Teils gute, teils schlechte Nachrichten aus Kyiv

Nach unserer vorsichtig formulierten Rückfrage gab es heute eine Antwort, teilweise beruhigend, teilweise auch mit einem beunruhigenden Inhalt. Wir wissen jetzt, wo der junge Mann ist. Glücklicherweise nicht in einem Kriegsgefangenenlager in der Ostukraine, sondern in einem Krankenhaus in der Hauptstadt Kyiv. Das ist der gute Teil der Nachricht, er ist – soweit man das so sagen kann – in gewisser Sicherheit. Allerdings liegt die Hauptstadt unter Beschuß, es gibt Raketeneinschläge.
Mit Galgenhumor formuliert könnte man sagen, lächle und sei froh, denn es könnte schlimmer sein.
Und ich lächelte und war froh und es kam schlimmer.
Schwer verletzt und künstlich beatmet

Sergei ist bewußtlos und schwer verletzt, er muß beatmet werden. So teilte es uns das Krankenhaus mit. Wie genau seine Verletzungen sind, das wissen wir noch nicht und haben deshalb um einen medizinischen Bericht gebeten. Sicherheitshalber haben wir einen Übersetzungsdienst eingeschaltet, um Missverständnisse zu verhindern. Und wir ziehen über uns bekannte Netzwerke und Behörden weitere Erkundigungen ein – immer in der Hoffnung, auf Wege zu stoßen wie wir dem jungen Mann helfen können.
Es muß furchtbar sein, als hilfloser und schwer verletzter Flüchtling in einem Krankenhaus zu sein, noch dazu aus einem Land kommend, dessen Nennung bei den allermeisten Ukrainern nur noch Hassgefühle auslösen wird. Und wir bauen dennoch auf Menschlichkeit, denn Sergei kann nichts für diesen Krieg, wollte diesen Krieg nicht, wollte nicht in diesem Krieg kämpfen, noch dazu für ein Land und Regime, das ihn selber ablehnt.
Aber Gefühle sind Gefühle, manchmal eben auch irrational begründet und der Situation geschuldet. Wer möchte es den Ukrainern verübeln, wenn sie einem Russen nicht eben mit freundschaftlichen Gefühlen begegnen? Und dennoch, man kann nicht das ganze Volk in Haftung für das Tun eines größenwahnsinnigen Kriegsverbrechers wie Wladimir Putin und seiner Schergen Sergei Lawrow bis hin zu Patriarch Kyril nehmen.
Selbst ertappe ich mich bei dem Gedanken, ja sogar bei dem Wunsch, eines Tages in den Nachrichten zu hören, dass die genannten Politiker und Kirchenführer sich entweder vor einem Kriegsverbrechertribunal in Den Haag verantworten müssen oder – ja, ich gebe es zu – am besten direkt an der Kremlmauer gehängt oder erschossen werden. Ernsthaft.
Aber zurück zu Sergei.
Wie geht es weiter mit dem jungen Kriegsopfer?

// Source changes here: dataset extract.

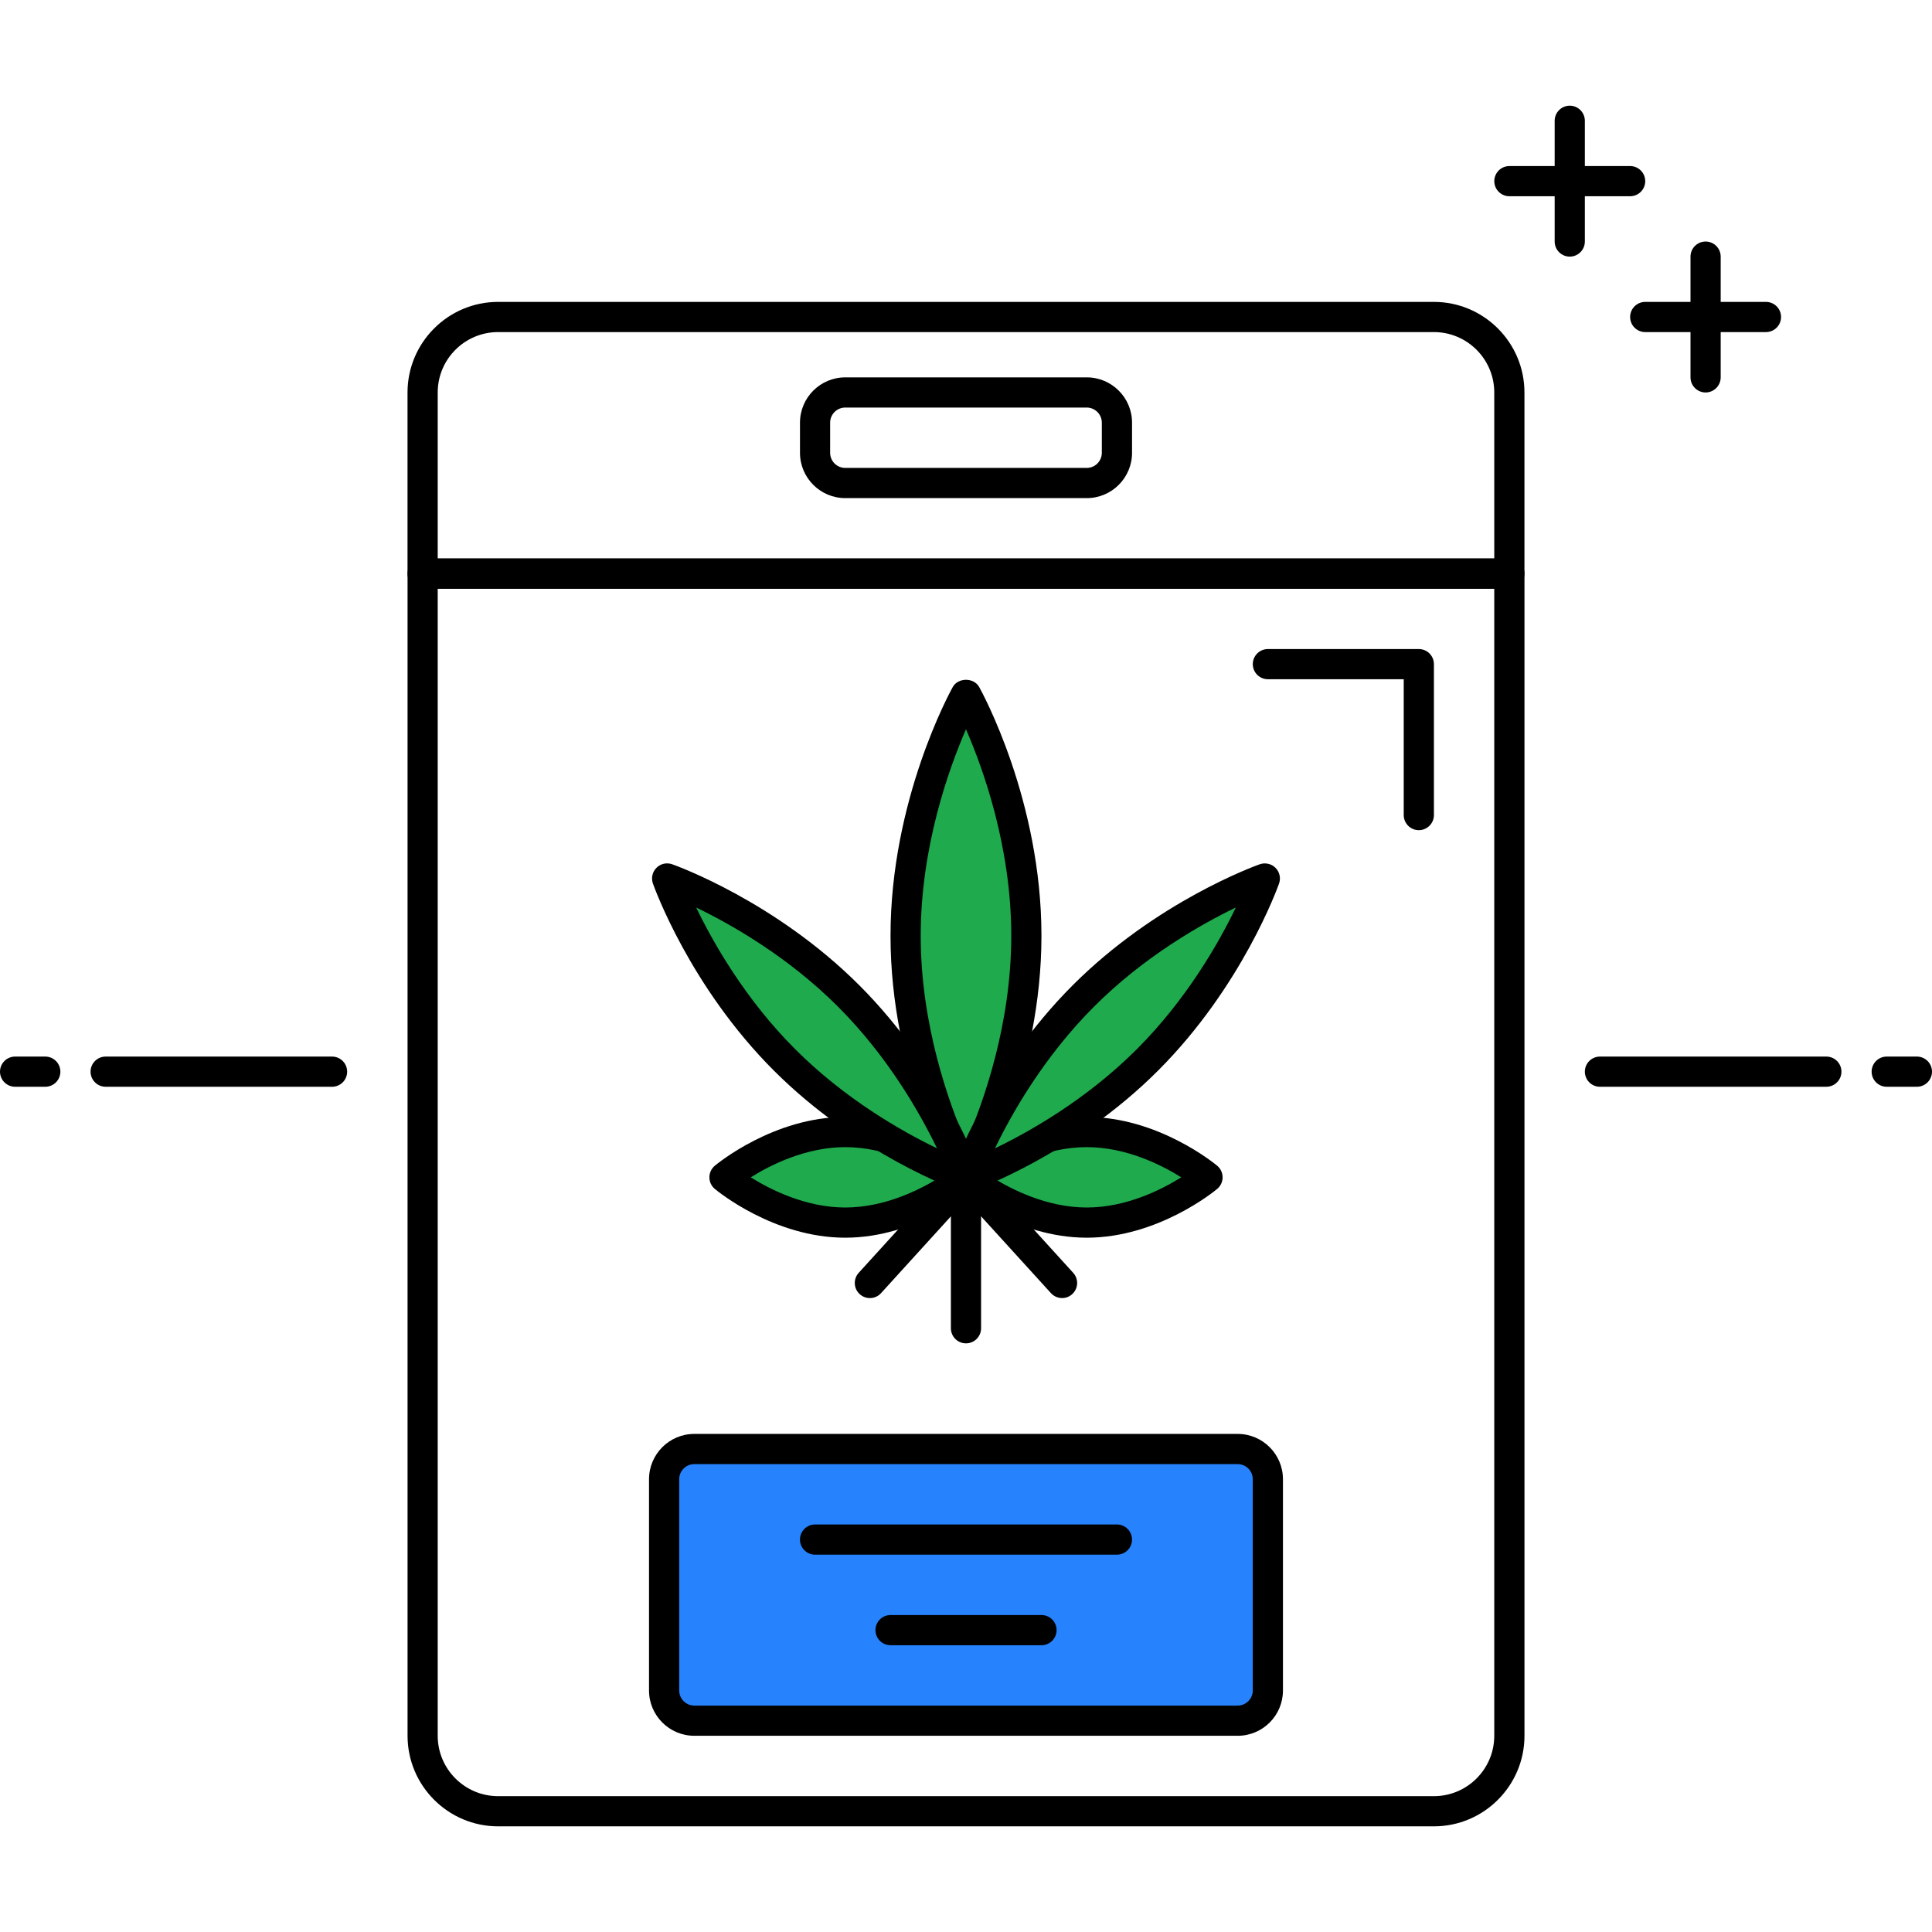 <svg xmlns="http://www.w3.org/2000/svg" height="512px" viewBox="0 -28 512.008 512" width="512px" class=""><g><path d="m380.008 456.004h-248c-13.23 0-24-10.77-24-24v-308c0-2.207 1.793-4 4-4h288c2.207 0 4 1.793 4 4v308c0 13.23-10.77 24-24 24zm-264.008-328v304c0 8.824 7.176 16 16 16h248c8.824 0 16-7.176 16-16v-304zm0 0" fill="#263238" data-original="#263238" class="" style="fill:#000000" data-old_color="#263238"></path><path d="m400.008 128.004h-288.008c-2.207 0-4-1.793-4-4v-48c0-13.23 10.77-24 24-24h248c13.23 0 24 10.77 24 24v48c.008 2.207-1.785 4-3.992 4zm-284.008-8h280v-44c0-8.824-7.176-16-16-16h-248c-8.824 0-16 7.176-16 16zm0 0" fill="#263238" data-original="#263238" class="" style="fill:#000000" data-old_color="#263238"></path><path d="m281.473 316.004c-1.09 0-2.168-.441-2.961-1.312l-22.512-24.742-22.504 24.742c-1.488 1.648-4.016 1.762-5.656.273-1.641-1.488-1.75-4.016-.273-5.648l25.465-28c1.52-1.672 4.402-1.672 5.922 0l25.461 28c1.488 1.633 1.371 4.168-.27 5.648-.754.695-1.711 1.039-2.672 1.039zm0 0" fill="#263238" data-original="#263238" class="" style="fill:#000000" data-old_color="#263238"></path><path d="m256 328.004c-2.207 0-4-1.793-4-4v-40c0-2.207 1.793-4 4-4s4 1.793 4 4v40c0 2.207-1.785 4-4 4zm0 0" fill="#263238" data-original="#263238" class="" style="fill:#000000" data-old_color="#263238"></path><path d="m272.008 220.004c0 35.344-16 64-16 64s-16-28.656-16-64 16-64 16-64 16 28.656 16 64zm0 0" fill="#4db6ac" data-original="#4DB6AC" class="" style="fill:#1EAA4D" data-old_color="#4db6ac"></path><path d="m256 288.004c-1.449 0-2.785-.785-3.496-2.047-.672-1.211-16.504-29.977-16.504-65.953 0-35.969 15.832-64.742 16.504-65.953 1.418-2.527 5.566-2.527 6.984 0 .672 1.211 16.512 29.984 16.512 65.953 0 35.977-15.832 64.742-16.512 65.953-.695 1.262-2.031 2.047-3.488 2.047zm0-122.734c-4.566 10.496-12 31.191-12 54.734 0 23.543 7.434 44.238 12 54.742 4.566-10.492 12-31.191 12-54.742.008-23.535-7.426-44.23-12-54.734zm0 0" fill="#263238" data-original="#263238" class="" style="fill:#000000" data-old_color="#263238"></path><path d="m288.008 296.004c-17.672 0-32-12-32-12s14.328-12 32-12c17.672 0 32 12 32 12s-14.328 12-32 12zm0 0" fill="#4db6ac" data-original="#4DB6AC" class="" style="fill:#1EAA4D" data-old_color="#4db6ac"></path><path d="m288.008 300.004c-18.91 0-33.945-12.406-34.574-12.938-.906-.758-1.434-1.879-1.434-3.062s.52-2.305 1.434-3.062c.629-.531 15.664-12.938 34.574-12.938 18.902 0 33.938 12.406 34.566 12.93.906.766 1.434 1.879 1.434 3.07s-.52 2.305-1.434 3.07c-.629.523-15.664 12.93-34.566 12.93zm-25.062-16.008c5.223 3.281 14.582 8.008 25.062 8.008 10.473 0 19.824-4.727 25.047-8-5.223-3.273-14.574-8-25.047-8-10.52 0-19.855 4.719-25.062 7.992zm0 0" fill="#263238" data-original="#263238" class="" style="fill:#000000" data-old_color="#263238"></path><path d="m224.008 296.004c17.672 0 32-12 32-12s-14.328-12-32-12c-17.672 0-32 12-32 12s14.32 12 32 12zm0 0" fill="#4db6ac" data-original="#4DB6AC" class="" style="fill:#1EAA4D" data-old_color="#4db6ac"></path><path d="m224 300.004c-18.91 0-33.938-12.406-34.566-12.93-.914-.766-1.434-1.879-1.434-3.07s.52-2.305 1.434-3.07c.629-.523 15.656-12.93 34.566-12.93s33.938 12.406 34.566 12.93c.914.766 1.434 1.879 1.434 3.07s-.52 2.305-1.434 3.07c-.621.523-15.656 12.93-34.566 12.93zm-25.039-16c5.223 3.273 14.582 8 25.047 8 10.465 0 19.824-4.727 25.047-8-5.223-3.273-14.582-8-25.047-8-10.465 0-19.824 4.727-25.047 8zm0 0" fill="#263238" data-original="#263238" class="" style="fill:#000000" data-old_color="#263238"></path><path d="m304.09 252.891c-21.875 21.875-48.082 31.113-48.082 31.113s9.238-26.215 31.113-48.078c21.871-21.867 48.078-31.113 48.078-31.113s-9.238 26.207-31.109 48.078zm0 0" fill="#4db6ac" data-original="#4DB6AC" class="" style="fill:#1EAA4D" data-old_color="#4db6ac"></path><path d="m256 288.004c-1.039 0-2.062-.406-2.832-1.168-1.09-1.09-1.457-2.703-.945-4.16.395-1.113 9.809-27.328 32.059-49.574 22.246-22.258 48.48-31.672 49.582-32.066 1.434-.496 3.066-.152 4.16.945 1.09 1.086 1.457 2.703.945 4.16-.395 1.113-9.816 27.336-32.066 49.582-22.246 22.25-48.477 31.664-49.582 32.059-.426.145-.871.223-1.32.223zm71.52-75.512c-9.32 4.504-24.352 13.031-37.574 26.266-13.258 13.254-21.777 28.254-26.266 37.566 9.328-4.504 24.352-13.031 37.578-26.258 13.254-13.254 21.773-28.262 26.262-37.574zm0 0" fill="#263238" data-original="#263238" class="" style="fill:#000000" data-old_color="#263238"></path><path d="m207.922 252.891c21.871 21.875 48.078 31.113 48.078 31.113s-9.238-26.215-31.113-48.078c-21.871-21.867-48.078-31.113-48.078-31.113s9.238 26.207 31.113 48.078zm0 0" fill="#4db6ac" data-original="#4DB6AC" class="" style="fill:#1EAA4D" data-old_color="#4db6ac"></path><path d="m256 288.004c-.449 0-.895-.078-1.328-.223-1.105-.395-27.328-9.809-49.582-32.059-22.258-22.246-31.664-48.48-32.059-49.582-.512-1.457-.145-3.074.945-4.16 1.086-1.105 2.695-1.457 4.16-.945 1.102.395 27.328 9.809 49.582 32.066 22.258 22.246 31.664 48.469 32.059 49.574.512 1.457.145 3.07-.945 4.16-.762.762-1.785 1.168-2.832 1.168zm-71.504-75.504c4.504 9.328 13.023 24.344 26.258 37.566 13.223 13.227 28.238 21.754 37.566 26.25-4.504-9.32-13.023-24.336-26.258-37.559-13.23-13.227-28.238-21.762-37.566-26.258zm0 0" fill="#263238" data-original="#263238" class="" style="fill:#000000" data-old_color="#263238"></path><path d="m288.008 104.004h-64c-6.617 0-12-5.383-12-12v-8c0-6.617 5.383-12 12-12h64c6.617 0 12 5.383 12 12v8c0 6.617-5.383 12-12 12zm-64.008-24c-2.207 0-4 1.801-4 4v8c0 2.199 1.793 4 4 4h64c2.199 0 4-1.801 4-4v-8c0-2.199-1.801-4-4-4zm0 0" fill="#263238" data-original="#263238" class="" style="fill:#000000" data-old_color="#263238"></path><path d="m328.008 428.004h-144c-4.414 0-8-3.582-8-8v-56c0-4.414 3.586-8 8-8h144c4.418 0 8 3.586 8 8v56c0 4.426-3.582 8-8 8zm0 0" fill="#ffd740" data-original="#FFD740" class="active-path" style="fill:#2682FD" data-old_color="#ffd740"></path><g fill="#263238"><path d="m328.008 432.004h-144.008c-6.617 0-12-5.383-12-12v-56c0-6.617 5.383-12 12-12h144c6.617 0 12 5.383 12 12v56c.008 6.617-5.375 12-11.992 12zm-144.008-72c-2.207 0-4 1.801-4 4v56c0 2.199 1.793 4 4 4h144c2.199 0 4-1.801 4-4v-56c0-2.199-1.801-4-4-4zm0 0" data-original="#263238" class="" style="fill:#000000" data-old_color="#263238"></path><path d="m296.008 384.004h-80.008c-2.207 0-4-1.793-4-4 0-2.207 1.793-4 4-4h80c2.207 0 4 1.793 4 4 0 2.207-1.785 4-3.992 4zm0 0" data-original="#263238" class="" style="fill:#000000" data-old_color="#263238"></path><path d="m276.008 408.004h-40c-2.207 0-4-1.793-4-4 0-2.207 1.793-4 4-4h40c2.207 0 4 1.793 4 4 0 2.207-1.793 4-4 4zm0 0" data-original="#263238" class="" style="fill:#000000" data-old_color="#263238"></path><path d="m468.008 60.004h-32c-2.207 0-4-1.793-4-4 0-2.207 1.793-4 4-4h32c2.207 0 4 1.793 4 4 0 2.207-1.793 4-4 4zm0 0" data-original="#263238" class="" style="fill:#000000" data-old_color="#263238"></path><path d="m432.008 24.004h-32c-2.207 0-4-1.793-4-4 0-2.207 1.793-4 4-4h32c2.207 0 4 1.793 4 4 0 2.207-1.793 4-4 4zm0 0" data-original="#263238" class="" style="fill:#000000" data-old_color="#263238"></path><path d="m416.008 40.004c-2.207 0-4-1.793-4-4v-32c0-2.207 1.793-4 4-4 2.207 0 4 1.793 4 4v32c0 2.207-1.793 4-4 4zm0 0" data-original="#263238" class="" style="fill:#000000" data-old_color="#263238"></path><path d="m452.008 76.004c-2.207 0-4-1.793-4-4v-32c0-2.207 1.793-4 4-4 2.207 0 4 1.793 4 4v32c0 2.207-1.793 4-4 4zm0 0" data-original="#263238" class="" style="fill:#000000" data-old_color="#263238"></path><path d="m508.008 260.004h-8c-2.207 0-4-1.793-4-4 0-2.207 1.793-4 4-4h8c2.207 0 4 1.793 4 4 0 2.207-1.793 4-4 4zm0 0" data-original="#263238" class="" style="fill:#000000" data-old_color="#263238"></path><path d="m484.008 260.004h-60c-2.207 0-4-1.793-4-4 0-2.207 1.793-4 4-4h60c2.207 0 4 1.793 4 4 0 2.207-1.793 4-4 4zm0 0" data-original="#263238" class="" style="fill:#000000" data-old_color="#263238"></path><path d="m12 260.004h-8c-2.207 0-4-1.793-4-4 0-2.207 1.793-4 4-4h8c2.207 0 4 1.793 4 4 0 2.207-1.785 4-4 4zm0 0" data-original="#263238" class="" style="fill:#000000" data-old_color="#263238"></path><path d="m88 260.004h-60c-2.207 0-4-1.793-4-4 0-2.207 1.793-4 4-4h60c2.207 0 4 1.793 4 4 0 2.207-1.785 4-4 4zm0 0" data-original="#263238" class="" style="fill:#000000" data-old_color="#263238"></path><path d="m376.008 192.004c-2.207 0-4-1.793-4-4v-36h-36c-2.207 0-4-1.793-4-4 0-2.207 1.793-4 4-4h40c2.207 0 4 1.793 4 4v40c0 2.207-1.793 4-4 4zm0 0" data-original="#263238" class="" style="fill:#000000" data-old_color="#263238"></path></g></g></svg>

Unter Umständen, sofern ein RTW mit Beatmung zur Verfügung stünde oder im günstigsten Fall eine Transportmöglichkeit via Flugzeug – könnte Sergei ausgeflogen werden. Achim Albers und ich recherchieren jetzt bei verschiedenen Stellen, Behörden und Krankenhäusern, wie das zu bewerkstelligen wäre. Sicher ist dass er nicht vor Ort bleiben kann. Die Ukrainer haben genug mit den eigenen Verletzten zu tun und werden froh sein, ihn loszuwerden – so bitter sich das anhört, so nachvolliehbar ist es.
Zurück nach Russland geht auch nicht, schon gar nicht in seinem Zustand. Nach Genesung wäre er wieder gezwungen, an einem völkerrechtswidrigen Krieg teilzunehmen. Unzumutbar, also läuft es darauf hinaus, dass er als Flüchtling eingestuft wird. Deutschland hilft der Ukraine auch auf dem humanitären Feld und wir hoffen, dass wir einen Weg finden, ihn aus dem Land zu holen. Aber erst müssen wir wissen, wie es um ihn genau bestellt ist und was die behandelnden Ärzte dazu sagen. Die entsprechenden Stellen sind eingeschaltet und die Kommunikation läuft.
Kannste Dir nicht vorstellen. Ein Anruf: „Sind Sie das Arschloch, das diesen scheiß Schwuchtel-Russen…?“
Den Rest geb ich nicht wieder, das würde vsl. zu einer Facebook-Sperre führen.
Wenn nicht die Menschlichkeit siegt, wo immer das geht, dann ist der ganze Krieg verloren.